# Why is Hamiltonian Path and graph coloring np complete and shortest path p when the former can also be solved using DFS recursively?

NP is a complexity class that represents the set of all decision problems for which the instances where the answer is "yes" have proofs that can be verified in polynomial time. But hamiltonian path can also be deduced by recursively traversing dfs.

• How do you solve Hamiltonian path using a DFS? – adrianN Jun 24 '16 at 12:24
• geeksforgeeks.org/find-paths-given-source-destination ..... Use it and check whether the path covers all vertices. – Ulsa Minor Jun 24 '16 at 12:26
• @UlsaMinor And what if it doesn't cover all the vertices? – David Richerby Jun 24 '16 at 12:29
• then their is no hamiltonian path available! – Ulsa Minor Jun 24 '16 at 12:32
• @UslaMinor But maybe there is another path that covers all the vertices?

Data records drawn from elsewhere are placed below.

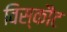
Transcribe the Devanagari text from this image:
विस्कौंट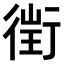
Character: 𧗲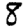
Digit: 8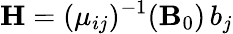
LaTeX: {\mathbf H}=(\mu_{ij})^{-1}({\mathbf B}_{0})\, b_{j}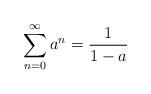
LaTeX: \begin{align*} \sum_{n=0}^\infty a^n = \frac{1}{1-a}\end{align*}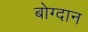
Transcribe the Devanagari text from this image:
बोग्दान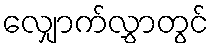
လျှောက်လွှာတွင်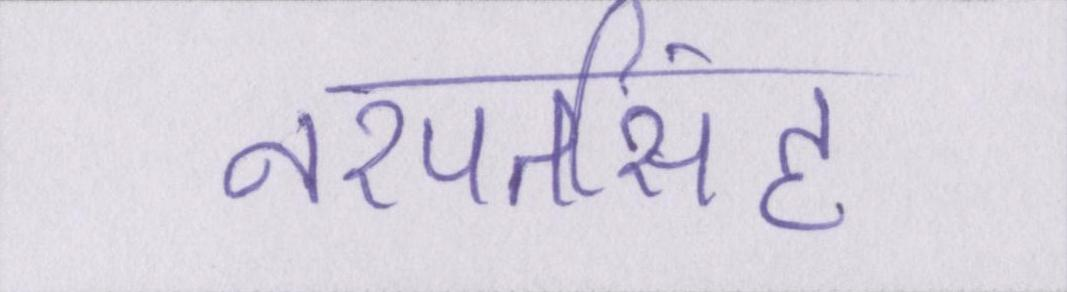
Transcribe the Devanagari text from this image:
नरपतसिंह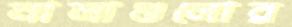
নালাগুলোর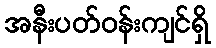
အနီးပတ်ဝန်းကျင်ရှိ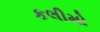
કલીમો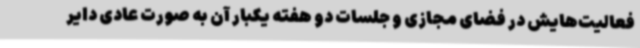
فعالیت‌هایش در فضای مجازی و جلسات دو هفته یکبار آن به صورت عادی دایر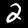
Label: 2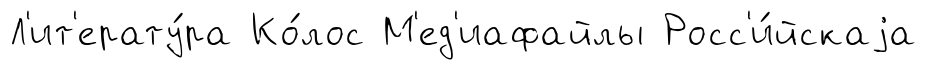
Л'ит'ерату́ра Ко́лос М'ед'иафайлы Росс'и́йскаjа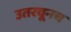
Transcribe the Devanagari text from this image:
उतरवूनच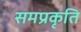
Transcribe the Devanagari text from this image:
समप्रकृति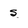
Character: s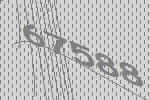
67588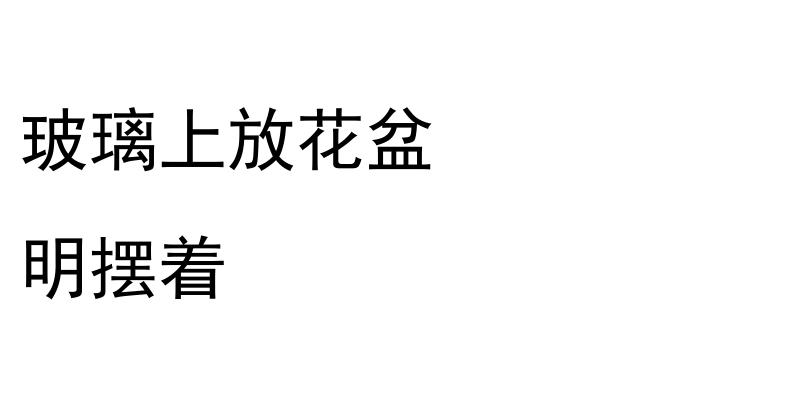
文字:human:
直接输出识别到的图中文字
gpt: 玻璃上放花盆 明摆着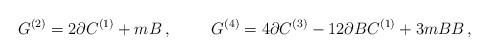
LaTeX: \begin{align*}G^{(2)}=2\partial C^{(1)}+mB\, ,\hspace{1cm}G^{(4)} = 4\partial C^{(3)} -12\partial BC^{(1)}+3m BB\, ,\end{align*}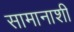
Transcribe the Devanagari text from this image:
सामानाशी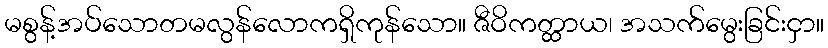
မစွန့်အပ်သောတမလွန်လောကရှိကုန်သော။ ဇီဝိကတ္ထာယ၊ အသက်မွေးခြင်းငှာ။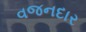
વજનદાર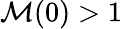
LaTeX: {\cal M}(0)>1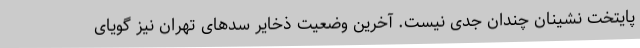
پایتخت نشینان چندان جدی نیست. آخرین وضعیت ذخایر سدهای تهران نیز گویای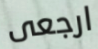
ارجعى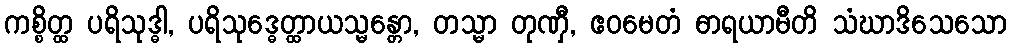
ကစ္စိတ္ထ ပရိသုဒ္ဓါ, ပရိသုဒ္ဓေတ္ထာယသ္မန္တော, တသ္မာ တုဏှီ, ဧဝမေတံ ဓာရယာမီတိ သံဃာဒိသေသော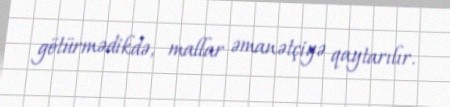
götürmədikdə, mallar əmanətçiyə qaytarılır.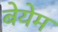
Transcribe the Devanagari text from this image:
बेयेम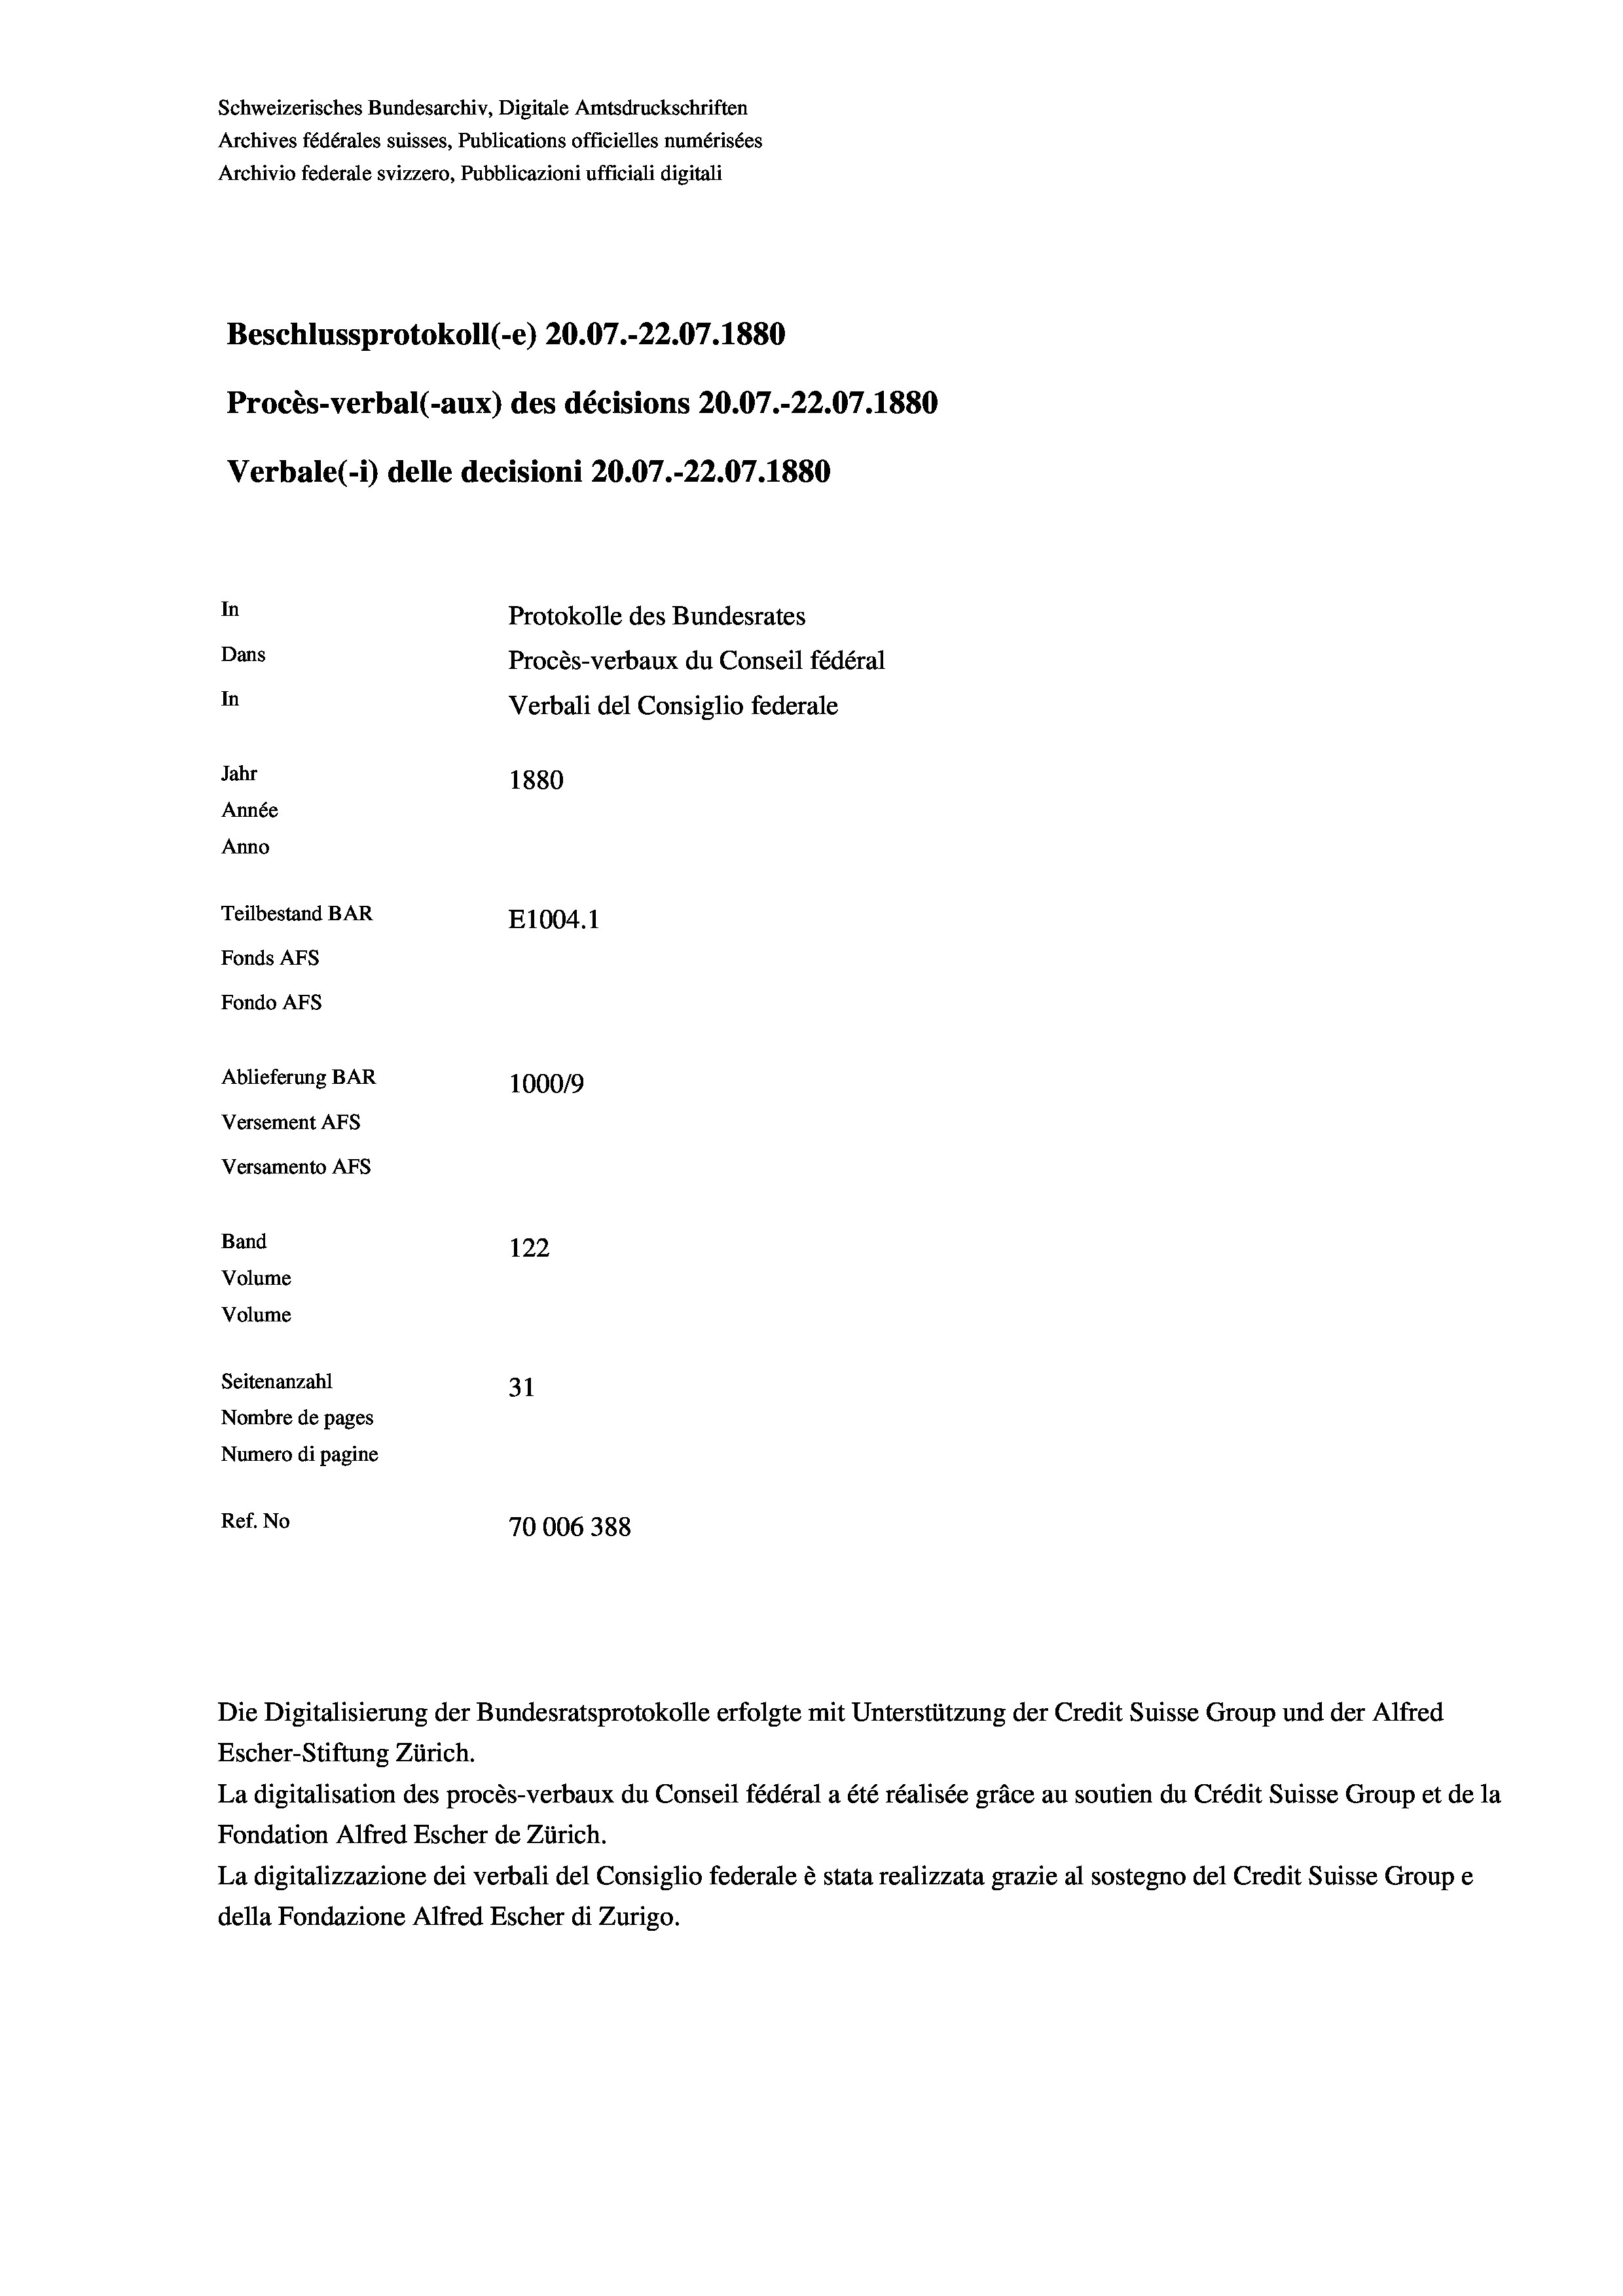
Schweizerisches Bundesarchiv, Digitale Amtsdruckschriften
Archives fédérales suisses, Publications officielles numérisées
Archivio federale svizzero, Pubblicazioni ufficiali digitali
Beschlussprotokoll (-e) 20.07.-22.07. 1880
Procès-verbal (-aux) des décisions 20.07.-22.07. 1880
Verbale (- 1) delle decisioni 20.07.-22.07. 1880
In
Protokolle des Bundesrates
Dans
Procès-verbaux du Conseil fédéral
In
Verbali del Consiglio federale
Jahr
1880
Année
Anno
Teilbestand BAR
E1004.1
Fonds AFs
Fondo AFS
Ablieferung BAR
100019
Versement AFs
Versamento Afs

122
31
Nombre de pages
Numero di pagine
Ref. No
70006388

Band
Volume
Volume

Seitenanzahl

Die Digitalisierung der Bundesratsprotokolle erfolgte mit Unterstützung der Credit Suisse Group und der Alfred
Escher-Stiftung Zürich.
La digitalisation des procès-verbaux du Conseil fédéral a été réalisée gräce au soutien du Crédit Suisse Group et de la
Fondation Alfred Escher de Zürich.
La digitalizzazione dei verbali del Consiglio federale è stata realizzata grazie al sostegno del Credit Suisse Groupe
della Fondazione Alfred Escher di Zurigo.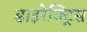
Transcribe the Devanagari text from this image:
डाइरेक्ट्रिस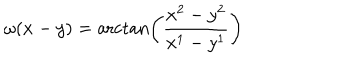
\omega ( x - y ) = \operatorname { a r c t a n } \left( \frac { x ^ { 2 } - y ^ { 2 } } { x ^ { 1 } - y ^ { 1 } } \right)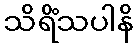
သိရိံသပါနိ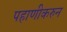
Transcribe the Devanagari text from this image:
पहाणीकरुन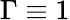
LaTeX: \Gamma\equiv 1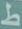
ط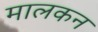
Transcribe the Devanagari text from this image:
मालकन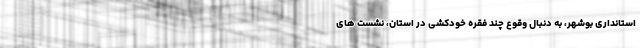
استانداری بوشهر، به دنبال وقوع چند فقره خودکشی در استان، نشست های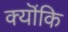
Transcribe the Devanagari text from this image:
क्यॊंकि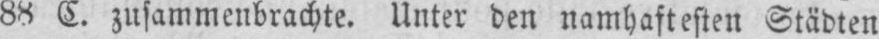
88 C. zusammenbrachte. Unter den namhaftesten Städten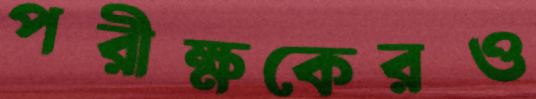
পরীক্ষকেরও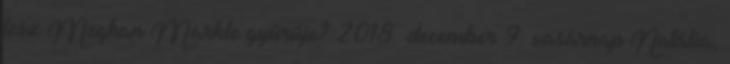
lesz Meghan Markle gyűrűje? 2018. december 9. vasárnap Natália,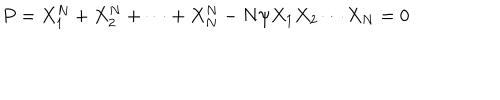
LaTeX: P = X _ { 1 } ^ { N } + X _ { 2 } ^ { N } + \cdots + X _ { N } ^ { N } - N \psi X _ { 1 } X _ { 2 } \cdots X _ { N } = 0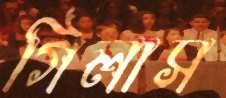
গিলাস
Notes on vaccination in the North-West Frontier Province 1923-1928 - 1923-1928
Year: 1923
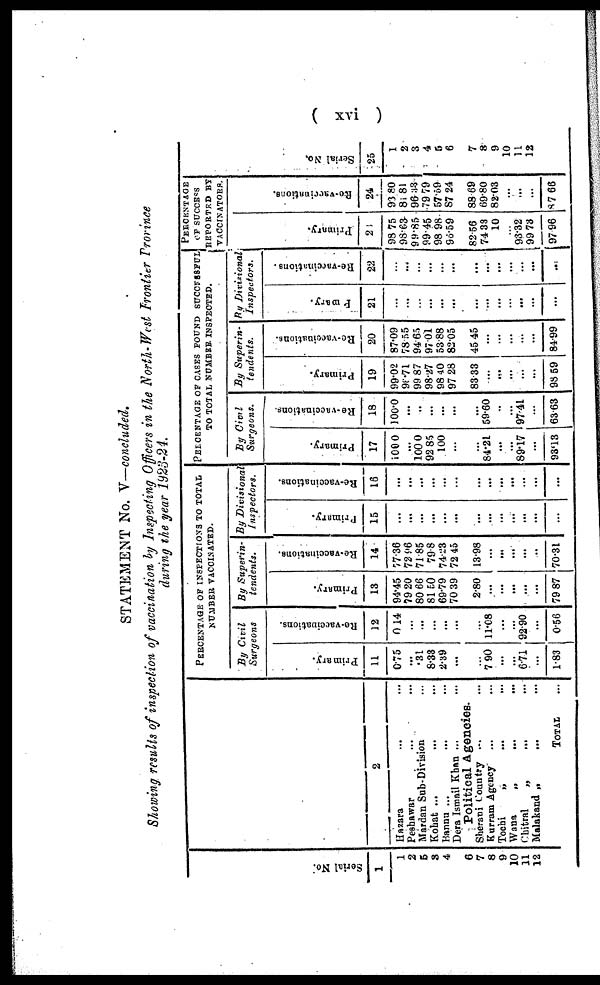
( xvi )
STATEMENT No. V—concluded.
Showing results of inspection of vaccination by Inspecting Officers in the North-West Frontier Province
during the year 1923-24.
Serial No.
1
1
2
5
3
4
6
7
8
9
10
11
12
2
Hazara ... ...
Peshawar ... ...
Mardan Sub-Division
Kohat ... ... ...
Bannu ... ... ...
Dera Ismail Khan ...
...
Political Agencies.
Sherani Country ... ...
Kurram Agency ... ...
Tochi
„ ... ...
Wana
„
... ...
Chitral
„ ... ....
Malakand „
... ...
TOTAL ...
PERCENTAGE OF INSPECTIONS TO TOTAL
NUMBER VACCINATED.
By Civil
Surgeons
Primary.
11
0.75
...
.31
8.33
2.39
...
...
7.90
...
...
6.71
...
1.83
Re-vaccinations.
12
0.14
...
...
...
...
...
...
11.08
...
...
92.90
...
0.56
By Superin-
tendents.
Primary.
13
94.45
79.20
80.66
81.50
69.79
70.39
2.80
...
...
...
...
...
79.87
Re-vaccinations.
14
77.36
72.96
71.85
79.8
74.23
72.45
13.98
...
...
...
...
...
70.31
By Divisional
Inspectors.
Primary.
15
...
...
...
...
...
...
...
...
...
...
...
...
...
Re-vaccinations.
16
...
...
...
...
...
...
...
...
...
...
...
...
...
PERCENTAGE OF CASES FOUND SUCCESSFUL
TO TOTAL NUMBER. INSPECTED.
By Civil
Surgeons.
Pr i
mar y.
17
100.0
...
100.0
92.85
100
...
...
84.21
...
...
89.17
...
93.13
Re -
va c c i
na t
i
ons .
18
100.0
...
..
...
...
...
...
59.60
...
...
97.41
...
63.63
By Superin-
tendents.
Primary.
19
99.02
96.71
99.87
98.27
98.40
97.28
83.33
...
...
...
...
...
98.59
Re-vaccinations.
20
87.09
78.55
94.65
97.01
53.88
82.05
45.45
...
...
...
...
...
84.99
By Divisional
Inspectors.
Primary.
21
...
...
...
...
...
...
...
...
...
...
...
...
...
Re-vaccinations.
22
...
...
...
...
...
...
...
...
...
...
...
...
...
PERCENTAGE
OF SUCCESS
REPORTED BY
VACCINATORS.
Primary.
23
98.75
98.63
99.85
99.45
98.98
96.59
82.56
74.33
10
...
93.32
99.73
97.96
Re-vaccinations.
24
93.80
81.81
96.33
79.79
57.59
87.24
88.69
69.80
82.03
...
...
...
87.66
Serial No.
25
1
2
3
4
5
6
7
8
9
10
11
12

You've checked only one possible path. – Tom van der Zanden Jun 27 '16 at 7:45

Indeed, it's not even obvious that you can solve Hamiltonian path using depth-first search. Consider the graph that is a clique plus one extra vertex, which sends one edge to the clique, say to vertex $x$. If you start your depth-first search at $x$, none of the paths explored by the DFS will be Hamiltonian. Further, if you start at any other vertex in the clique, you might have to explore something like $n!$ paths before you find a path that visits every vertex in the clique, finishing at $x$ and then moves to the extra vertex.